■ **WORK ORDER**:
Your reply should be the complete data, reproduced exactly.

■ **GIVEN RECORDS**:
===

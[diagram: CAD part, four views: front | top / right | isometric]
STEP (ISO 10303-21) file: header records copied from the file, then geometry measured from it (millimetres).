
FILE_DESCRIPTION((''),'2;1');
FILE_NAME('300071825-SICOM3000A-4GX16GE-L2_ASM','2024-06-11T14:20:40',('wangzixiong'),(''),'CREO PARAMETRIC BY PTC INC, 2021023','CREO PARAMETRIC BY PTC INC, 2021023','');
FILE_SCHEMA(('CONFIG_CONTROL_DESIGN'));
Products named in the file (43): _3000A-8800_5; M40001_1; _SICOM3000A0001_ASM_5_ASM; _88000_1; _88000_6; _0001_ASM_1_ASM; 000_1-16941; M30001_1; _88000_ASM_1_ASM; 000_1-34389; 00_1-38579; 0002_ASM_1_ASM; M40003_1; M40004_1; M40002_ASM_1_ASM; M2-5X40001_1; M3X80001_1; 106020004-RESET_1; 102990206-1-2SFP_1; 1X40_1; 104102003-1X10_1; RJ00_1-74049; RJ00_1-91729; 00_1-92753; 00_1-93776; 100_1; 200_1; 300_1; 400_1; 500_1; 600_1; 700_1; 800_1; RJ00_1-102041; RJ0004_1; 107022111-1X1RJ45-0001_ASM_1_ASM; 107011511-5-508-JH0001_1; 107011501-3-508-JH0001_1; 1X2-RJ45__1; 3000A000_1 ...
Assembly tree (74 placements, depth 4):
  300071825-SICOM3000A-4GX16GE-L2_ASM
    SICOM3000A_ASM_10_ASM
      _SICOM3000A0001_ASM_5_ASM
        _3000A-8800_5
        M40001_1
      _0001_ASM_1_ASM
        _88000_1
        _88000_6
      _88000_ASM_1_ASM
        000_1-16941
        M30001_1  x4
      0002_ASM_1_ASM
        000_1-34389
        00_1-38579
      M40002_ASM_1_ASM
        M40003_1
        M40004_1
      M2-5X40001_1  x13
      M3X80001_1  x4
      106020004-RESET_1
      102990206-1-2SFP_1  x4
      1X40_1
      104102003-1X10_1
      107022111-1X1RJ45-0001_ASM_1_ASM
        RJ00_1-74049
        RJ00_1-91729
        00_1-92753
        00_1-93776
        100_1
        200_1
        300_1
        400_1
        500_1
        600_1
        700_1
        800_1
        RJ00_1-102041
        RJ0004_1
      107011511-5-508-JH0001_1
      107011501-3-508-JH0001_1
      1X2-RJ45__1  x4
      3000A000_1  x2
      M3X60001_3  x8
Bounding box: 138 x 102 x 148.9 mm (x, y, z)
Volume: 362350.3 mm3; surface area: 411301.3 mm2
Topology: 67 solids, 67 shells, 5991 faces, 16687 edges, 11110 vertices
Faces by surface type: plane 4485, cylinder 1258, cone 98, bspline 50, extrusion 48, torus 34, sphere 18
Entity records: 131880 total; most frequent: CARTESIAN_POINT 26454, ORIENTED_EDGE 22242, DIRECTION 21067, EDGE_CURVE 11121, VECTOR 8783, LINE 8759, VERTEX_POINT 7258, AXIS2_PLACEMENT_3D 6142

===

■ **RESPONSE AREA**:
[diagram: CAD part, four views: front | top / right | isometric]
STEP (ISO 10303-21) file: header records copied from the file, then geometry measured from it (millimetres).
FILE_DESCRIPTION((''),'2;1');
FILE_NAME('300071825-SICOM3000A-4GX16GE-L2_ASM','2024-06-11T14:20:40',('wangzixiong'),(''),'CREO PARAMETRIC BY PTC INC, 2021023','CREO PARAMETRIC BY PTC INC, 2021023','');
FILE_SCHEMA(('CONFIG_CONTROL_DESIGN'));
Products named in the file (43): _3000A-8800_5; M40001_1; _SICOM3000A0001_ASM_5_ASM; _88000_1; _88000_6; _0001_ASM_1_ASM; 000_1-16941; M30001_1; _88000_ASM_1_ASM; 000_1-34389; 00_1-38579; 0002_ASM_1_ASM; M40003_1; M40004_1; M40002_ASM_1_ASM; M2-5X40001_1; M3X80001_1; 106020004-RESET_1; 102990206-1-2SFP_1; 1X40_1; 104102003-1X10_1; RJ00_1-74049; RJ00_1-91729; 00_1-92753; 00_1-93776; 100_1; 200_1; 300_1; 400_1; 500_1; 600_1; 700_1; 800_1; RJ00_1-102041; RJ0004_1; 107022111-1X1RJ45-0001_ASM_1_ASM; 107011511-5-508-JH0001_1; 107011501-3-508-JH0001_1; 1X2-RJ45__1; 3000A000_1 ...
Assembly tree (74 placements, depth 4):
  300071825-SICOM3000A-4GX16GE-L2_ASM
    SICOM3000A_ASM_10_ASM
      _SICOM3000A0001_ASM_5_ASM
        _3000A-8800_5
        M40001_1
      _0001_ASM_1_ASM
        _88000_1
        _88000_6
      _88000_ASM_1_ASM
        000_1-16941
        M30001_1  x4
      0002_ASM_1_ASM
        000_1-34389
        00_1-38579
      M40002_ASM_1_ASM
        M40003_1
        M40004_1
      M2-5X40001_1  x13
      M3X80001_1  x4
      106020004-RESET_1
      102990206-1-2SFP_1  x4
      1X40_1
      104102003-1X10_1
      107022111-1X1RJ45-0001_ASM_1_ASM
        RJ00_1-74049
        RJ00_1-91729
        00_1-92753
        00_1-93776
        100_1
        200_1
        300_1
        400_1
        500_1
        600_1
        700_1
        800_1
        RJ00_1-102041
        RJ0004_1
      107011511-5-508-JH0001_1
      107011501-3-508-JH0001_1
      1X2-RJ45__1  x4
      3000A000_1  x2
      M3X60001_3  x8
Bounding box: 138 x 102 x 148.9 mm (x, y, z)
Volume: 362350.3 mm3; surface area: 411301.3 mm2
Topology: 67 solids, 67 shells, 5991 faces, 16687 edges, 11110 vertices
Faces by surface type: plane 4485, cylinder 1258, cone 98, bspline 50, extrusion 48, torus 34, sphere 18
Entity records: 131880 total; most frequent: CARTESIAN_POINT 26454, ORIENTED_EDGE 22242, DIRECTION 21067, EDGE_CURVE 11121, VECTOR 8783, LINE 8759, VERTEX_POINT 7258, AXIS2_PLACEMENT_3D 6142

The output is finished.